(Beginning of THE INPUT)
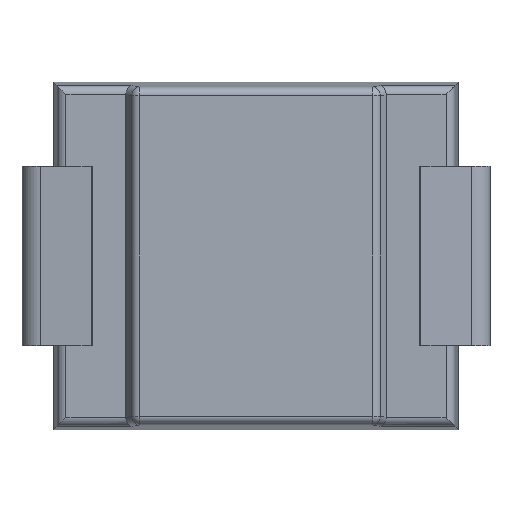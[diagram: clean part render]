
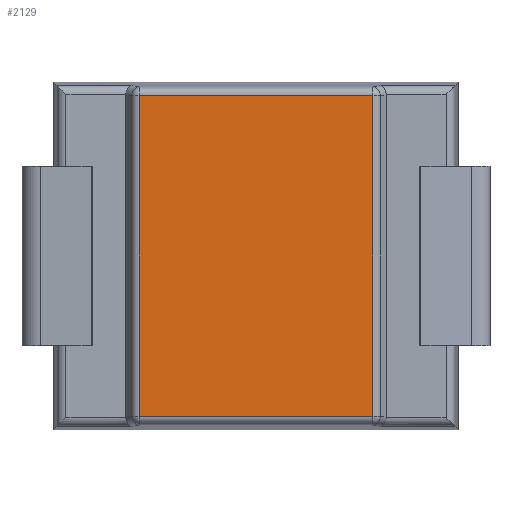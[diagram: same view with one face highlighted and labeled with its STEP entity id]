
A CAD part, front view. The second image highlights one B-rep face of the part: STEP entity #2129.
In plain terms, the highlighted planar face has unit normal (0, -1, 0).
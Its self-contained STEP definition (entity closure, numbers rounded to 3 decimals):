
#110 = EDGE_CURVE ( 'NONE', #657, #379, #1774, .T. ) ;
#201 = CARTESIAN_POINT ( 'NONE',  ( -2.066, -1.205, 2.719 ) ) ;
#218 = CARTESIAN_POINT ( 'NONE',  ( 2.066, -1.205, -2.719 ) ) ;
#240 = DIRECTION ( 'NONE',  ( 1., 0., 0. ) ) ;
#290 = LINE ( 'NONE', #1382, #1643 ) ;
#354 = VECTOR ( 'NONE', #240, 1000. ) ;
#358 = LINE ( 'NONE', #956, #1700 ) ;
#379 = VERTEX_POINT ( 'NONE', #1184 ) ;
#657 = VERTEX_POINT ( 'NONE', #1795 ) ;
#791 = CARTESIAN_POINT ( 'NONE',  ( -1.98, -1.205, -2.719 ) ) ;
#886 = DIRECTION ( 'NONE',  ( -1., 0., 0. ) ) ;
#956 = CARTESIAN_POINT ( 'NONE',  ( -1.98, -1.205, -2.857 ) ) ;
#964 = VECTOR ( 'NONE', #886, 1000. ) ;
#1046 = DIRECTION ( 'NONE',  ( 0., 0., 1. ) ) ;
#1155 = CARTESIAN_POINT ( 'NONE',  ( 0., -1.205, 0. ) ) ;
#1184 = CARTESIAN_POINT ( 'NONE',  ( -1.98, -1.205, 2.719 ) ) ;
#1201 = AXIS2_PLACEMENT_3D ( 'NONE', #1155, #2226, #1499 ) ;
#1215 = EDGE_LOOP ( 'NONE', ( #1736, #1440, #2232, #2001 ) ) ;
#1218 = VERTEX_POINT ( 'NONE', #791 ) ;
#1302 = DIRECTION ( 'NONE',  ( 0., 0., -1. ) ) ;
#1382 = CARTESIAN_POINT ( 'NONE',  ( 1.98, -1.205, 2.857 ) ) ;
#1440 = ORIENTED_EDGE ( 'NONE', *, *, #2033, .T. ) ;
#1499 = DIRECTION ( 'NONE',  ( 0., 0., -1. ) ) ;
#1523 = VERTEX_POINT ( 'NONE', #1637 ) ;
#1637 = CARTESIAN_POINT ( 'NONE',  ( 1.98, -1.205, -2.719 ) ) ;
#1643 = VECTOR ( 'NONE', #1046, 1000. ) ;
#1700 = VECTOR ( 'NONE', #1302, 1000. ) ;
#1707 = EDGE_CURVE ( 'NONE', #379, #1218, #358, .T. ) ;
#1736 = ORIENTED_EDGE ( 'NONE', *, *, #1707, .T. ) ;
#1774 = LINE ( 'NONE', #201, #964 ) ;
#1795 = CARTESIAN_POINT ( 'NONE',  ( 1.98, -1.205, 2.719 ) ) ;
#1877 = EDGE_CURVE ( 'NONE', #1523, #657, #290, .T. ) ;
#2001 = ORIENTED_EDGE ( 'NONE', *, *, #110, .T. ) ;
#2004 = FACE_OUTER_BOUND ( 'NONE', #1215, .T. ) ;
#2033 = EDGE_CURVE ( 'NONE', #1218, #1523, #2242, .T. ) ;
#2129 = ADVANCED_FACE ( 'NONE', ( #2004 ), #2180, .T. ) ;
#2180 = PLANE ( 'NONE',  #1201 ) ;
#2226 = DIRECTION ( 'NONE',  ( 0., -1., 0. ) ) ;
#2232 = ORIENTED_EDGE ( 'NONE', *, *, #1877, .T. ) ;
#2242 = LINE ( 'NONE', #218, #354 ) ;
(End of THE INPUT)
-- WORK REQUEST --
Among the lines of the material above, tally those containing "DIRECTION" and respond with the total only.

-- WRITTEN ANSWER --
6